Based on wet-cell X-ray diffractometry (XRD) and calculations with the software CALCMIX of the
smectite d(001) reflection, it was possible to quantify the abundance of water layers (WL) in the
interlayer spaces and the amount of non-interlayer water uptake during hydration using the two
types of solutions. This was done by varying WL distributions to fit the CALCMIX-simulated XRD
model to the observed data. Hydrating SD80 bentonite with Opalinus clay pore water resulted
in the formation of a dominant mixture of 3- and 4-WLs. The preservation of ca. 10% 1-WLs and
the apparent disappearance of 2-WLs in this hydrated sample are attributed to small quantities of
interlayer K (ca. 8% of exchangeable cations). The SD80 bentonite of equivalent packing density
that was hydrated in diluted cap rock brine also contained ca. 15% 1-WLs, associated with a slightly
higher concentration of interlayer K. However, this sample showed notable suppression of WL
thickness with 2- and 3-WLs dominating in the steady-state condition.

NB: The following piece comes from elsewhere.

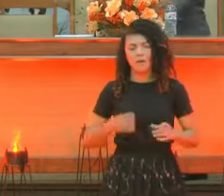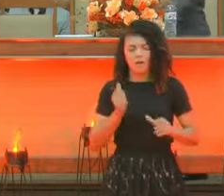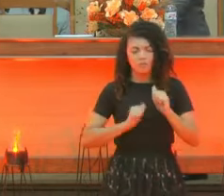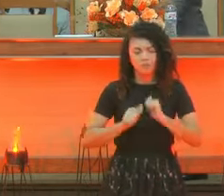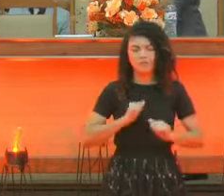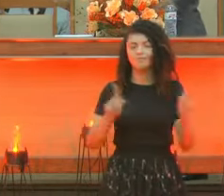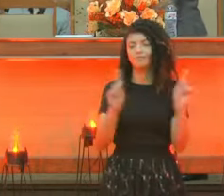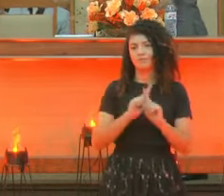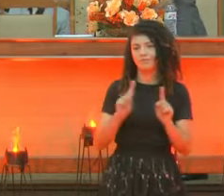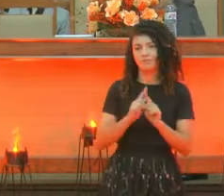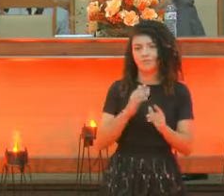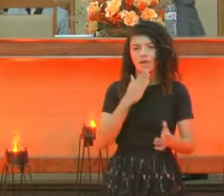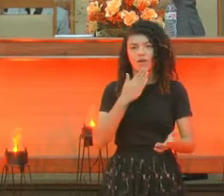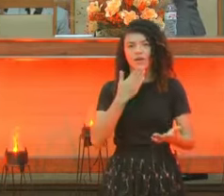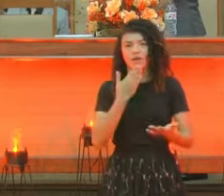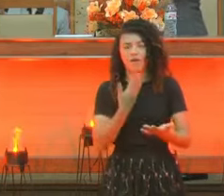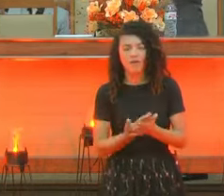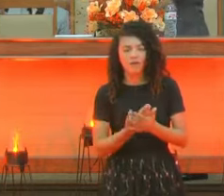Perplexo.

This effect is to be expected for
the higher salt content of the brine but the observed generation of CO2 gas in this experiment, derived
from enhanced dissolution of calcite, may have contributed to the suppression of WL thickness. Based
on a comparison with all published wet-cell bentonite hydration experiments, the ratio of packing
density to the total layer charge of smectite is suggested as a useful proxy for predicting the relative
amounts of interlayer and non-interlayer water incorporated during hydration. Such information is
important for assessing the subsequent rates of chemical transport through the bentonite barrier.